Is Mandela’s legacy threatened by his death?

It is doubtful that any political accomplishment by a single figure during the twentieth century quite matches what Nelson Mandela accomplished in South Africa. By negotiating a peaceful end to apartheid from his prison cell he may well have spared his country and the continent as a whole a protracted conflict of immense proportions.

Mandela’s uniqueness reposes in the fact that long before he finally walked free from prison he had become the most important figure to the future of his country and one of Africa’s most distinguished leaders, and yet the question had arisen since the end of his presidency as to whether the legacy which he left South Africa would survive him.

The issue, inevitably, has risen again with his passing. After his death on Thursday Mr Mandela’s successor in the presidency, Thabo Mbeki, sought to provide assurances in an interview that Mr Mandela’s pursuit of the political option of racial reconciliation would remain intact in his death. Mbeki appeared hopeful rather than optimistic.

There was another sense in which Mr Mandela was unique. His sheer stature, his moral probity recruited some of those who might have felt most threatened by an end to apartheid to that very cause. Recall that it was a 1992 ‘whites only’ referendum favouring an end to apartheid that finally persuaded the government there that the game was up.

The dream of an end to apartheid without terrible bloodshed could easily have been sabotaged by the violent clashes between the African National Congress and the Inkatha Freedom Party that followed Mandela’s release from prison. That may well have been a ruse to undermine his quest for reconciliation. He held both his nerve and his poise and South Africans kept faith with him.

The point about all this is that Mandela is gone and so too, perhaps, are his moral stature, his political skill and the symbol that he remained for the people of South Africa. Without Mandela there would probably have been no one anywhere near influential enough to put a brake on the thirst for the recrimination that would have been disastrous for South Africa, for the continent and for the international community as a whole.

His presidency was a triumph of the reason and rationality embedded in the reconciliation that he sought. Some, perhaps many black South Africans would have felt entitled to some kind of reprisal. It was Mandela’s moral suasion, largely, that held them in check.

No less significant was his handover of power after a single term in office. He did not need the presidency, after all, both his authority and his legacy having long been assured.

Healing all of the ills of South Africa was beyond Mandela. The problems that apartheid had left behind – social and economic inequality, a system that dehumanized blacks, high unemployment (reportedly in the region of about 20 per cent) and high levels of crime – can only be solved by material investment in removing those ills. Correcting the ills of South Africa requires time and Mandela’s time has come and gone. It is whether his legacy will hold good in an uneasy South Africa that is the salient issue.
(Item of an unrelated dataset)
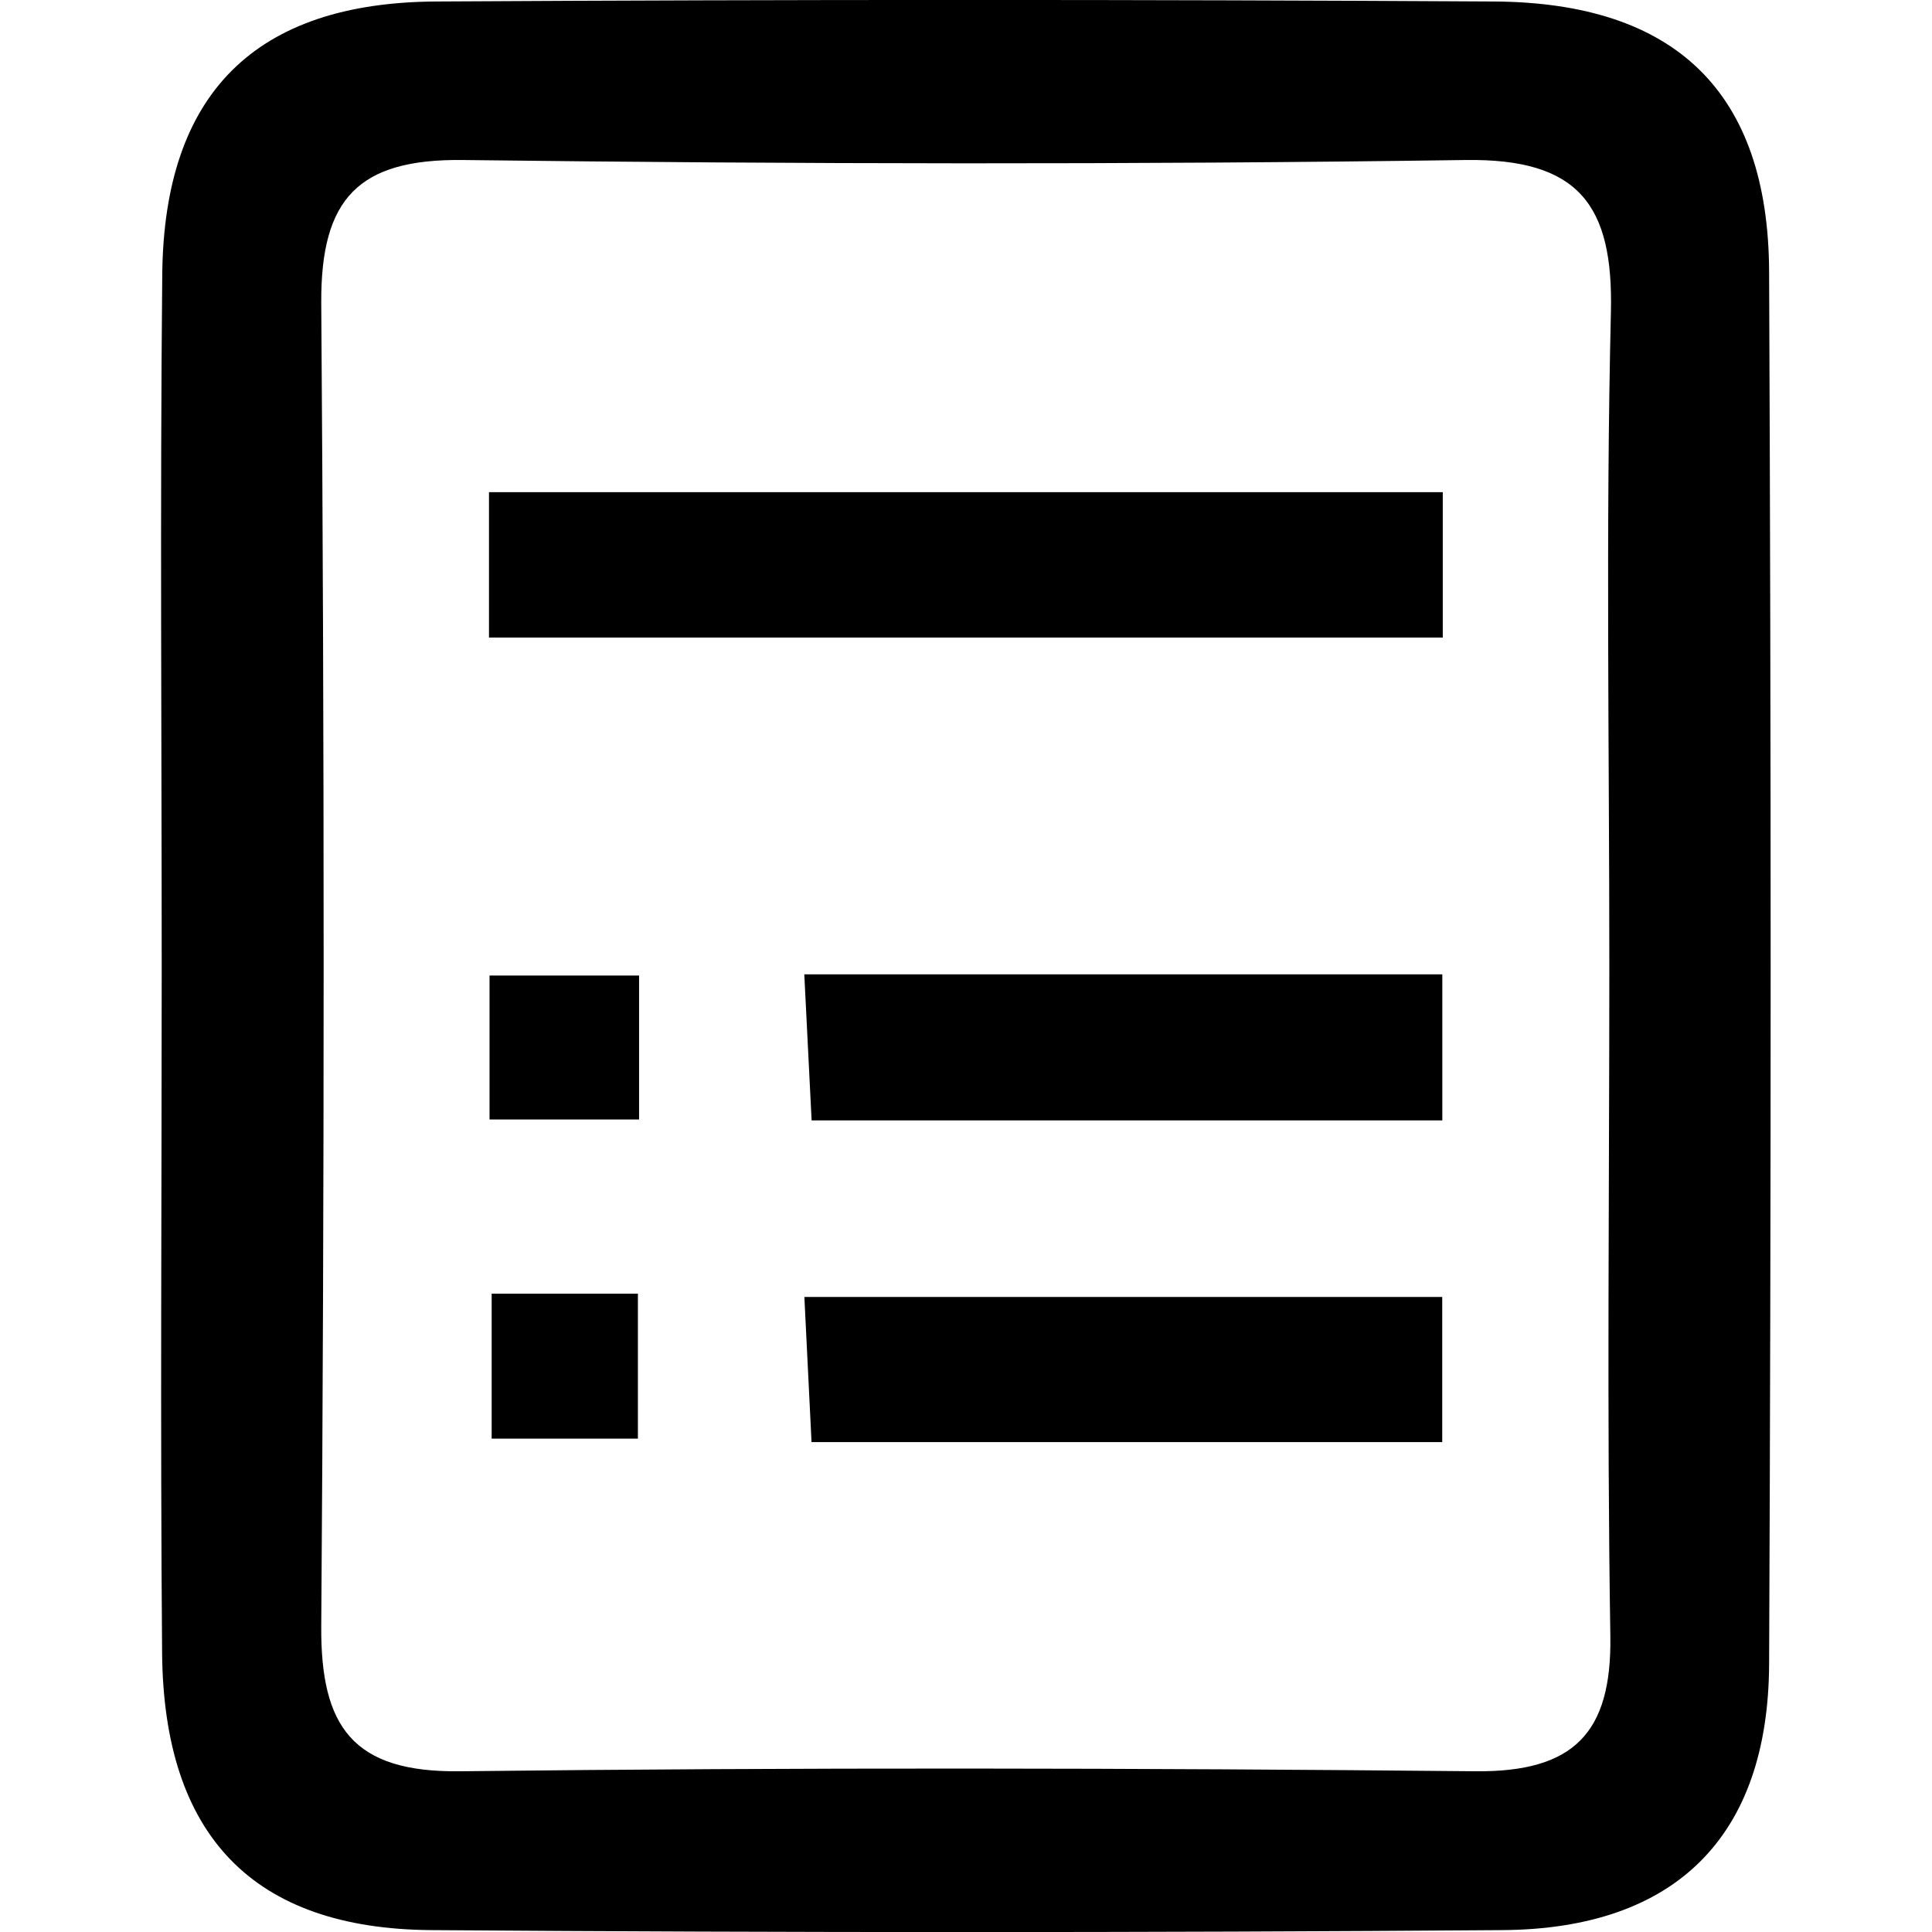 <svg id="SvgjsSvg1001" width="288" height="288" xmlns="http://www.w3.org/2000/svg" version="1.1" xmlns:xlink="http://www.w3.org/1999/xlink" xmlns:svgjs="http://svgjs.com/svgjs"><defs id="SvgjsDefs1002"></defs><g id="SvgjsG1008"><svg xmlns="http://www.w3.org/2000/svg" viewBox="0 0 204.53 245.46" width="288" height="288"><g data-name="Layer 2"><g data-name="Layer 1"><path fill="#000000" d="M.08,123.27c0-29.49-.22-59,.07-88.46C.39,11.89,11.93.33,34.92.19q67.2-.39,134.38,0c23.14.12,34.92,11.56,35,34.36q.39,88.44,0,176.9c-.11,21.92-11.92,33.62-33.89,33.77q-68,.5-136.08,0c-22.65-.16-34-12-34.2-35.21C-.11,181.1.08,152.18.08,123.27ZM184,122.9c0-27.75-.46-55.52.2-83.26.32-13.6-4.08-19.51-18.46-19.31-42.48.6-85,.52-127.44,0-13.23-.15-18,4.91-17.95,18.05q.61,84.1,0,168.22c-.09,12.78,4,18.59,17.56,18.44,43.05-.5,86.1-.42,129.14,0,12.42.1,17.27-4.84,17.08-17.18C183.68,179.55,184,151.22,184,122.9Z" class="colorffa083 svgShape"></path><path fill="#000000" d="M162.84 62.53V81H41.66V62.53zM162.78 123.79v18.56H82.65c-.29-5.73-.58-11.58-.93-18.56zM162.77 164.78v18.44H82.64c-.28-5.74-.57-11.6-.91-18.44zM60.73 123.94v18.29h-19V123.94zM42 164.36H60.58v18.42H42z" class="colorffa083 svgShape"></path></g></g></svg></g></svg>

That brings us to the issue of the African National Congress (ANC). Its image has been rendered threadbare by its delinquencies, not least the quagmire of corruption-related scandals in which it has become stuck. Both of Mr Mandela’s successors have had weak report cards in important areas of governance. The alleged transgressions of the serving President, Jacob Zuma – particularly his penchant for profligate spending of public funds on his private acquisitions ‒ served to drag the South African government and more specifically the ANC into further ridicule even as Mr Mandela lay dying. Perhaps the biggest challenge to Mandela’s legacy is the ANC which he loved. In the immediate term, at least, it has no serious political challenger, in which circumstance it may well have become reckless, even arrogant. More than that, the ANC is believed to be caught up in a bitter power struggle that has led to internal splintering. More worrying, perhaps has been the fact that both the government’s economic and human rights records have slipped badly over the past year.

Whether ‒ in circumstances where it is confronted with a serious political challenge – the ANC will continue to embrace democracy, or whether it might make strong-handed moves to protect its power is, of course, another matter.

Post-Mandela South Africa’s headaches do not end there. Whether the assurances of ethnic reconciliation embraced by Mr Mandela will remain set in stone beyond his death is not a matter that should be dismissed lightly. Continued economic inequality between blacks and whites may well witness the kinds of ethnic tensions and more that have occurred in Zimbabwe.

It is – even in his condition of protracted illness – what Nelson Mandela symbolized that makes his passing a challenge for South Africa.